While I don’t know the exact details of her tragic ending, I wonder if she had a “Come In and Get Me Ally” in her life. I really don’t know if she did or not; to be clear, the point I’m trying to make is that we should all have at least one consciously designed “Come In and Get Me” ally.

What about you? Can you identify your “Come In and Get Me Ally?” Someone who can see past your blind spots and help keep you on track.

Personally, I have 6 people on my “Come In and Get Me” team, and I pay a few of them really good money to do so (I consider this a worthwhile investment; it has paid back in both psychic and dollar income big time).

I will always miss the amazing talent of Karen Carpenter and her voice that created such a deep sense of the pathos of life, and I can only imagine where her career may have gone.

More to come-


  • Yvonne Heath Reply

    Thanks for sharing this, Rick. Such a poignant and important message. As I share the I Just Showed Up Movement, a very critical piece is doing or saying something when someone is not Just Showing Up for Themselves. Sometimes that requires brave and uncomfortable conversations. Just Show Up anyway. And I LOVE the song Close to You. Thanks for sharing it. I played it loud and sang even louder! 🙂

  • Rick Tamlyn Reply

    Hi Yvonne. Thx for your words above– love the the whole brave conversations topic– so so needed sometimes. And I love that you know Close to You….I still know every word by heart even after 50 yrs (that song came out in 1970….can you believe that. Thank you for doing the good work you area doing in our world. Best and grateful, Rick T.

  • Dean Regan Reply

    Thank you, Rick for illuminating the “Come In and Get Me Ally”. It occurs to me that the belief that everyone is “naturally creative, resourceful and whole” can guide us to the idea that we (or our clients) truly know their own “right” answers.
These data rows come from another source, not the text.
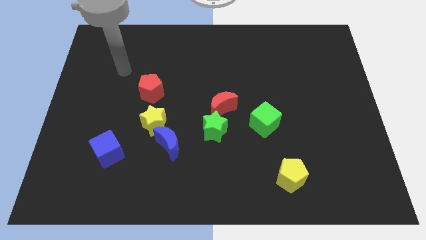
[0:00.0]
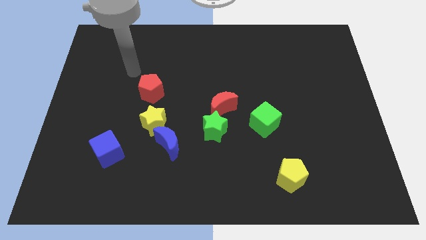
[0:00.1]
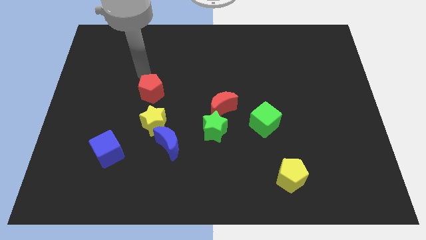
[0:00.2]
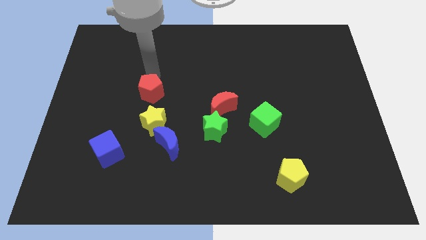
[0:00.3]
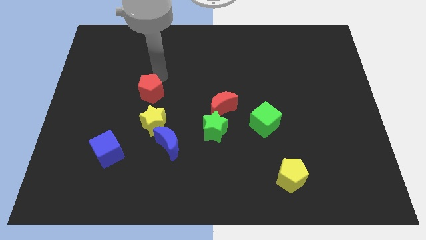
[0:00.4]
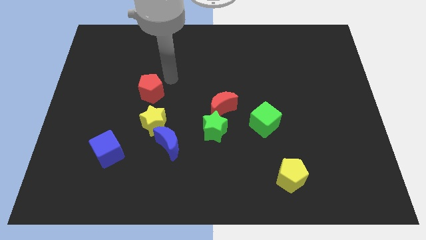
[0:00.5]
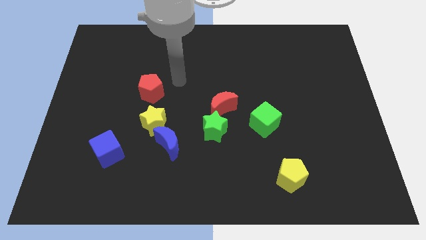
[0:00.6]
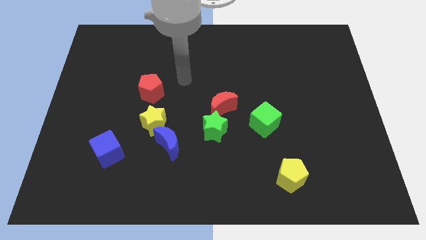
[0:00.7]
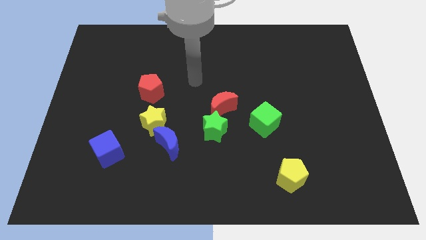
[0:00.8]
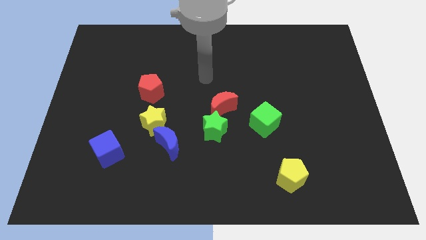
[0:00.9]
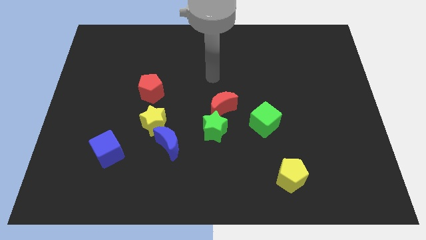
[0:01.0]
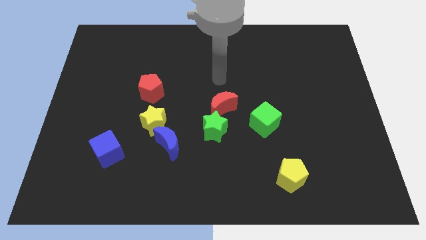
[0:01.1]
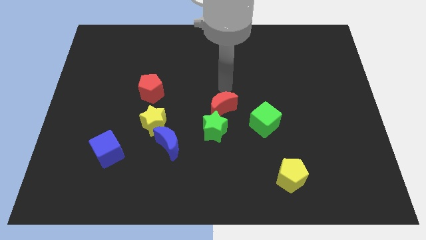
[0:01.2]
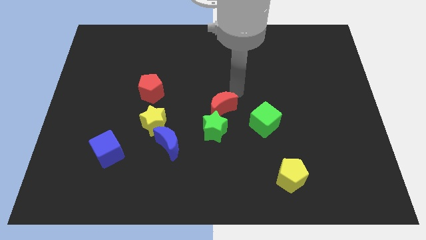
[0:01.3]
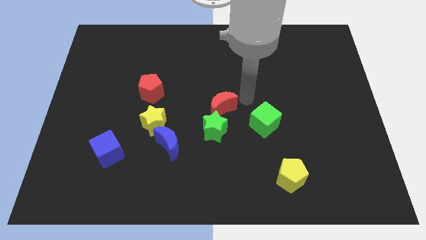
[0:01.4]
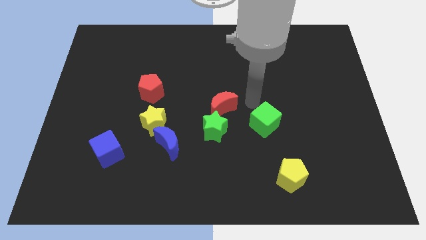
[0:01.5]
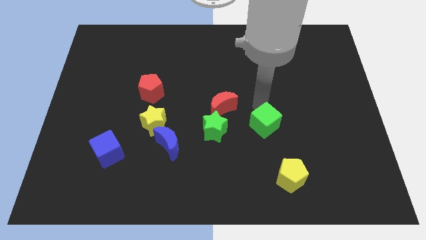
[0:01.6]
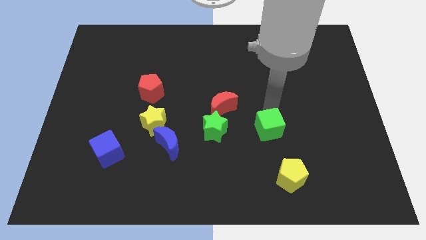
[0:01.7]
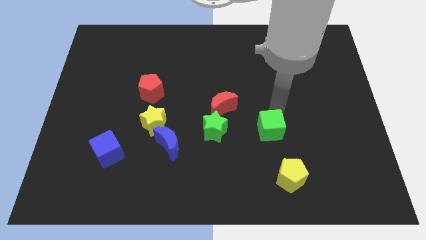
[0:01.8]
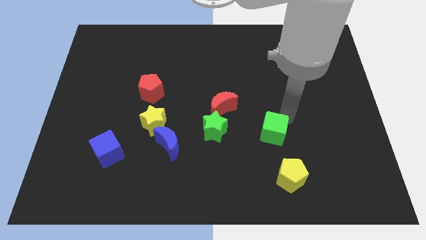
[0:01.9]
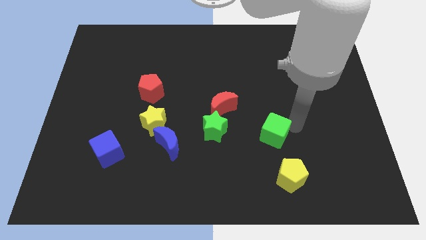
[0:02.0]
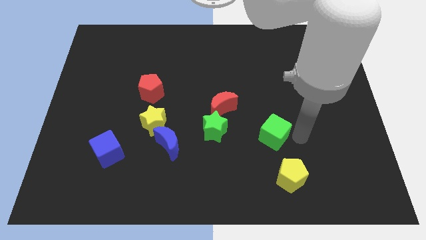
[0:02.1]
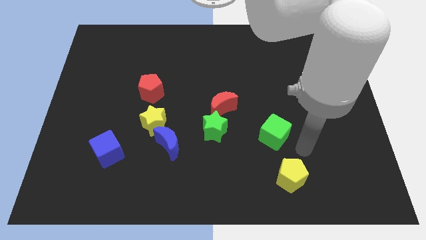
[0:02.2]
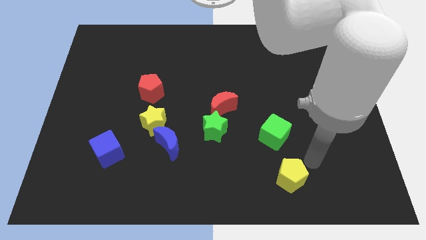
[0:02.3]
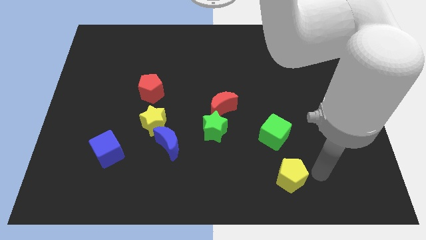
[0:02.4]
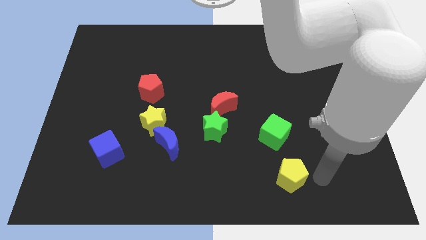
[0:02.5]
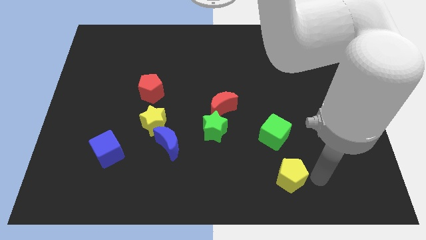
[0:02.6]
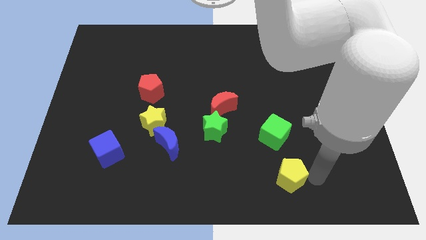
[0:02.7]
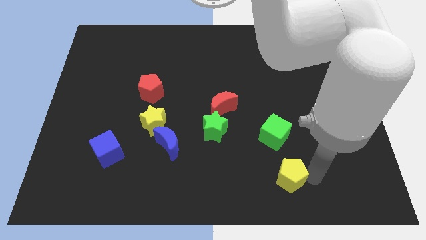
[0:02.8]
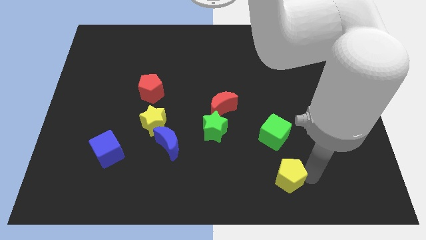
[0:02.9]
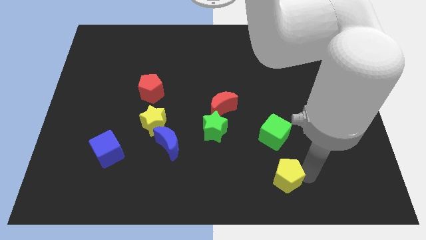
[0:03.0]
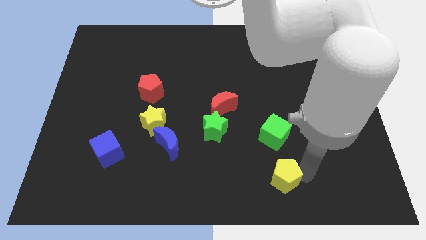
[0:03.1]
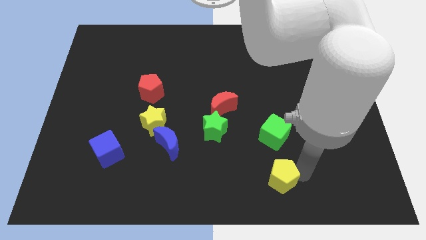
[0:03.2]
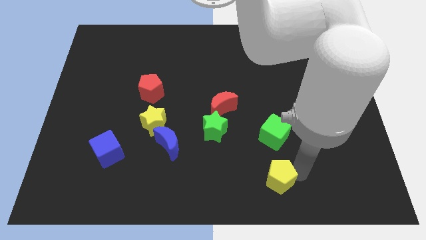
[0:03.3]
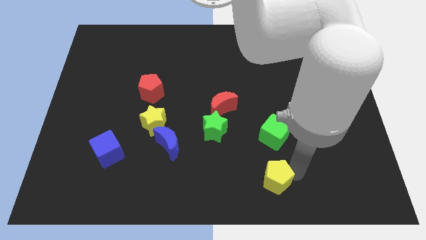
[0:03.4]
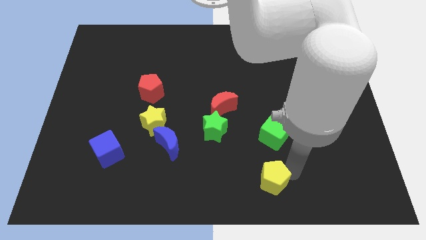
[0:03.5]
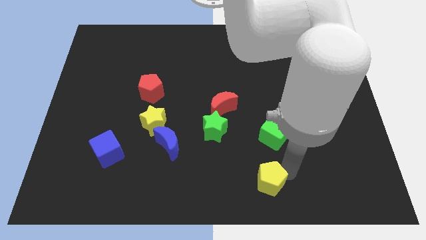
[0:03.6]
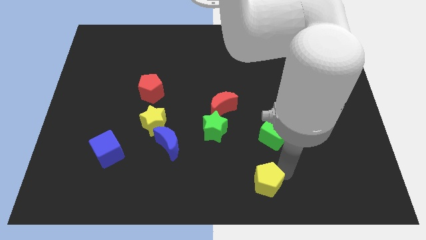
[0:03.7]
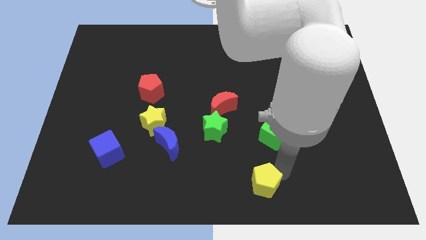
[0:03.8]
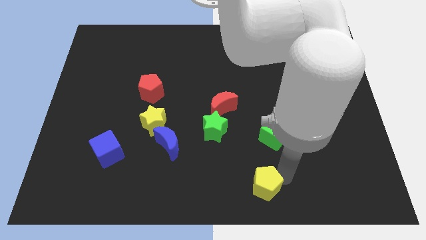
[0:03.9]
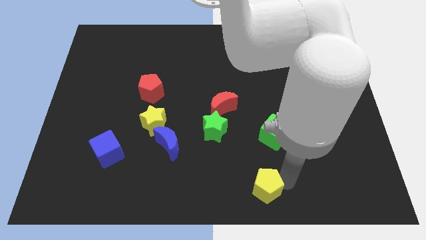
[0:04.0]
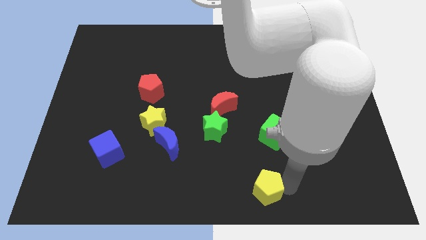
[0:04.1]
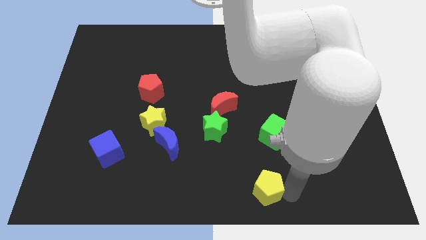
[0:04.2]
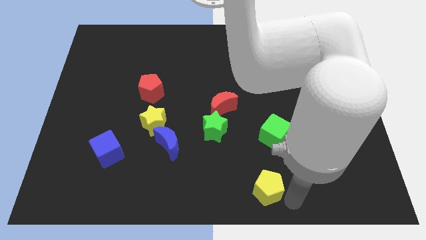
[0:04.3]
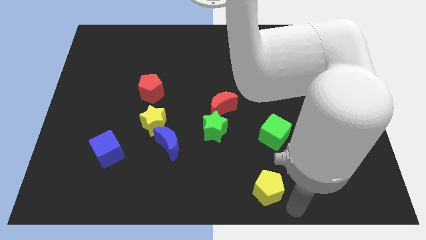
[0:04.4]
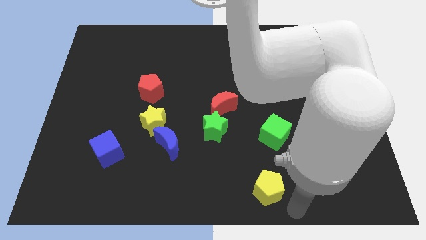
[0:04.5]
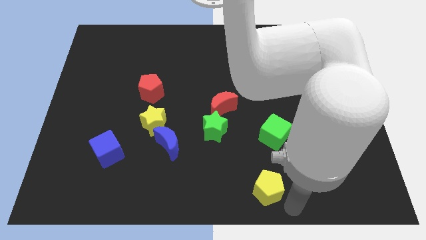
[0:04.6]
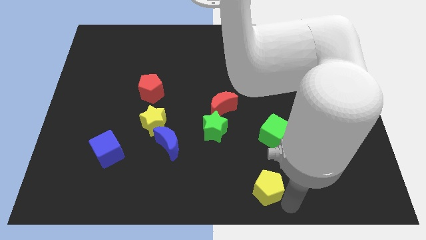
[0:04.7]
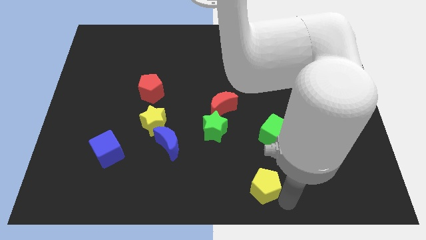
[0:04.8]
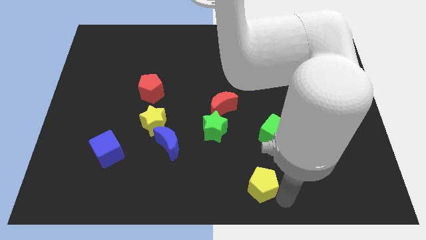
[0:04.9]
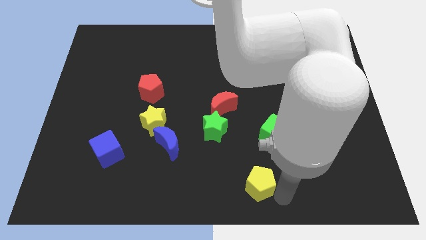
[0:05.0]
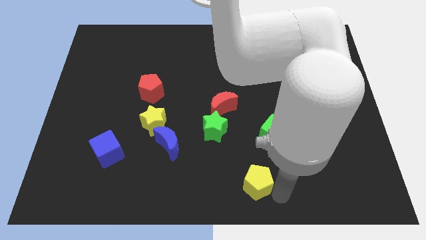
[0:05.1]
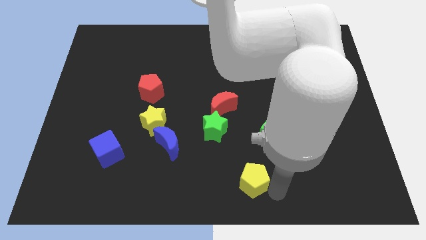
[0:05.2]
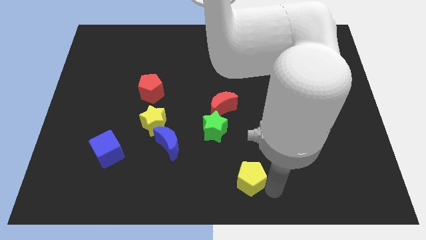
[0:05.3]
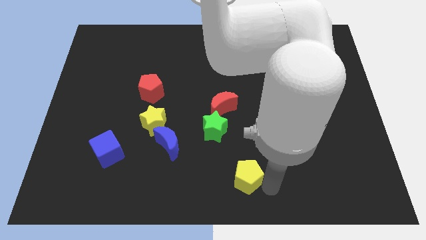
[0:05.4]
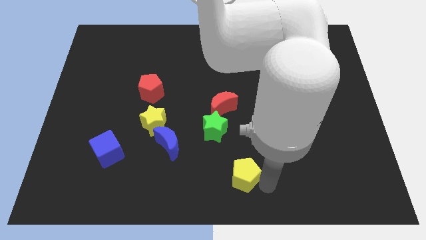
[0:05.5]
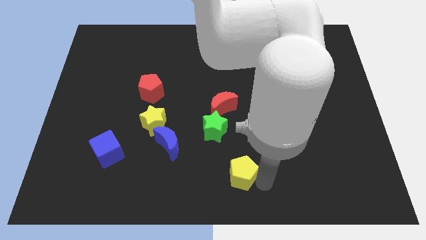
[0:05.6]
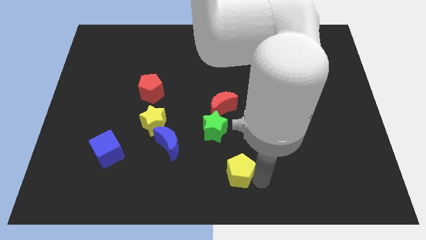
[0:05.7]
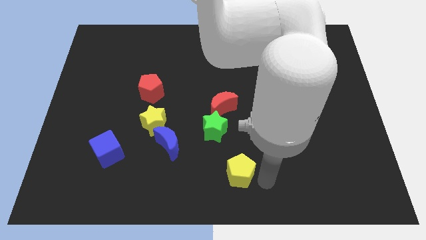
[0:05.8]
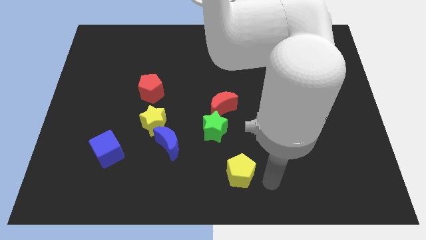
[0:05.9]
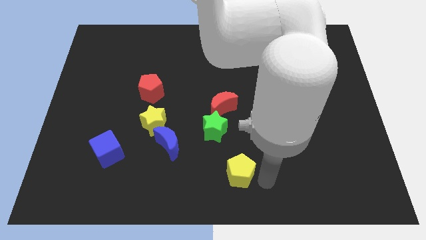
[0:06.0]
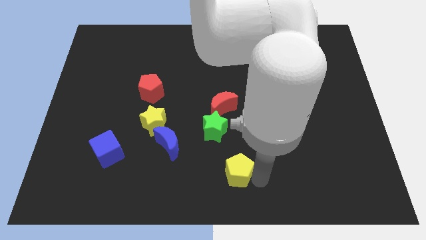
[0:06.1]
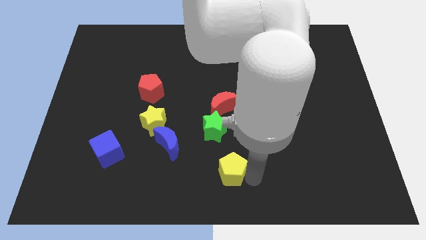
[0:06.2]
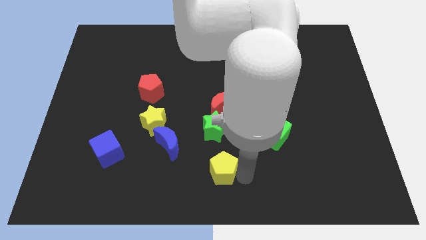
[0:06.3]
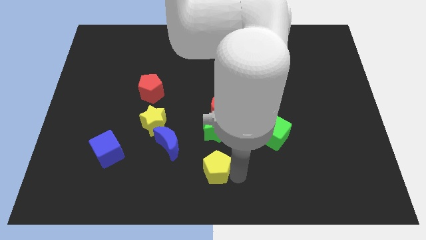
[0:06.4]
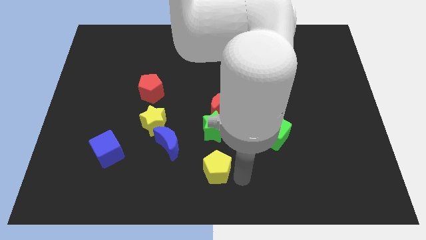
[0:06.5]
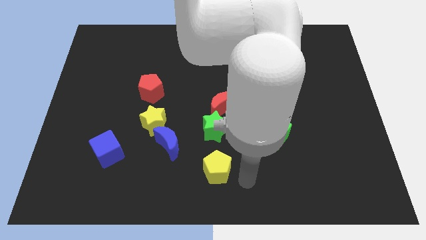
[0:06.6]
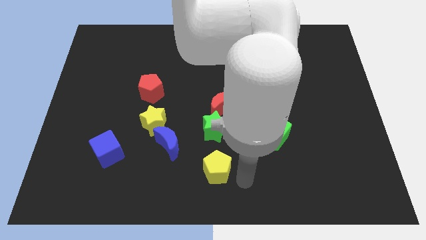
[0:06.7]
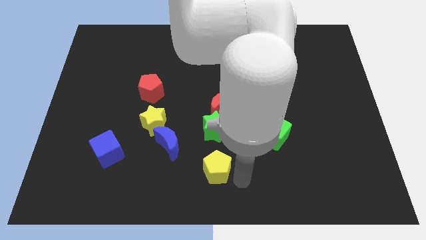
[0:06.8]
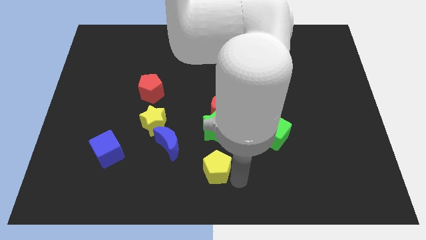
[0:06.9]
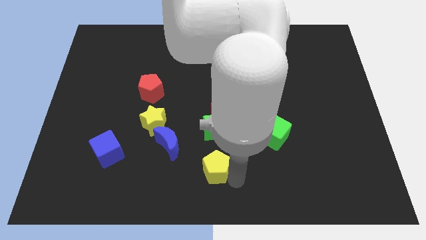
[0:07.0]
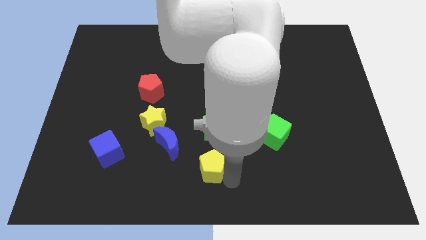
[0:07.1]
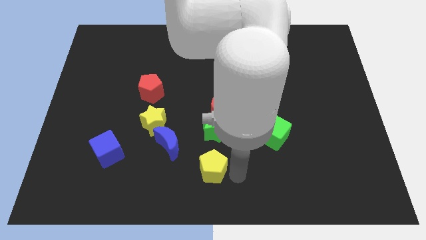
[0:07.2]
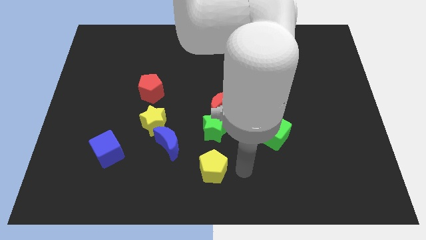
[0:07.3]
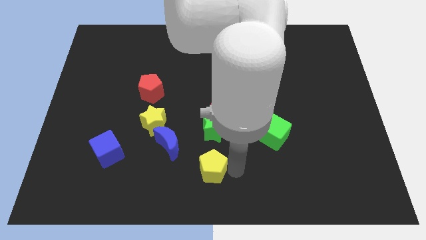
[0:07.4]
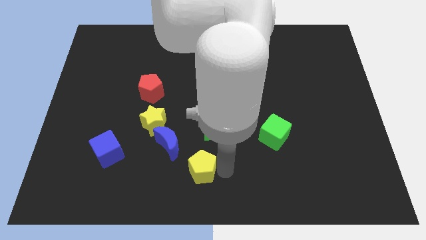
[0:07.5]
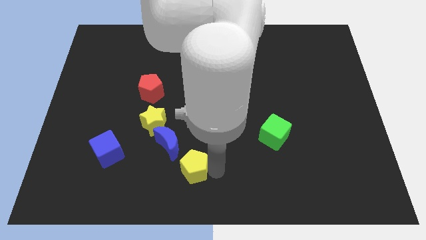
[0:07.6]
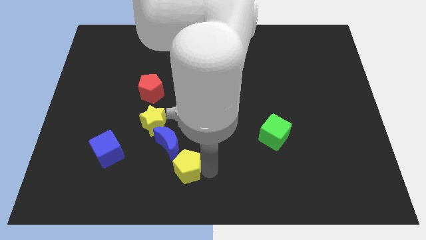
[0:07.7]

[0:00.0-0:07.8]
slide the yellow pentagon left

    But, I find it so helpful to have someone (or group of someone’s) who can lovingly “knock us ‘upside’ the head” and say, “Snap out of it!” (For more on this watch the end of the film “Moonstruck.”)
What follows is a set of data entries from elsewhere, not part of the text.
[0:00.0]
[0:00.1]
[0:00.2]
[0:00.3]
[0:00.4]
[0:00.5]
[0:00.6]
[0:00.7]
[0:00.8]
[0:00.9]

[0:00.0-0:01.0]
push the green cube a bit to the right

    Recently a dear friend sat across from me at breakfast and, in referring to a 2-year long project I had been working on, said “I support your right to keep focused on trying to make this project work. I would, however, like to know when my friend (meaning me) is going to be back. You have not been the same since you started working on this project.”

    This was enough to help take all the input I had received from not only my own intuition, but that of my family and other close friends to put an end to the project I had been loyally devoted to for 2 years, but one that did not suit my values, skills or talents. It was a “bad fit” and no matter what I did, I was unsuccessful to make it a “good fit.”

    I kept pushing myself.

    Finally I was able to listen to my “Come In and Get Me Ally” and put an end to the “bad fit.” It was not easy, but it was “right.” It was not a welcome choice, but my whole being reverberated in joy when I made the choice to “pick up my toys and find a different playground.”

    I am grateful for my “Come In and Get Me Ally.”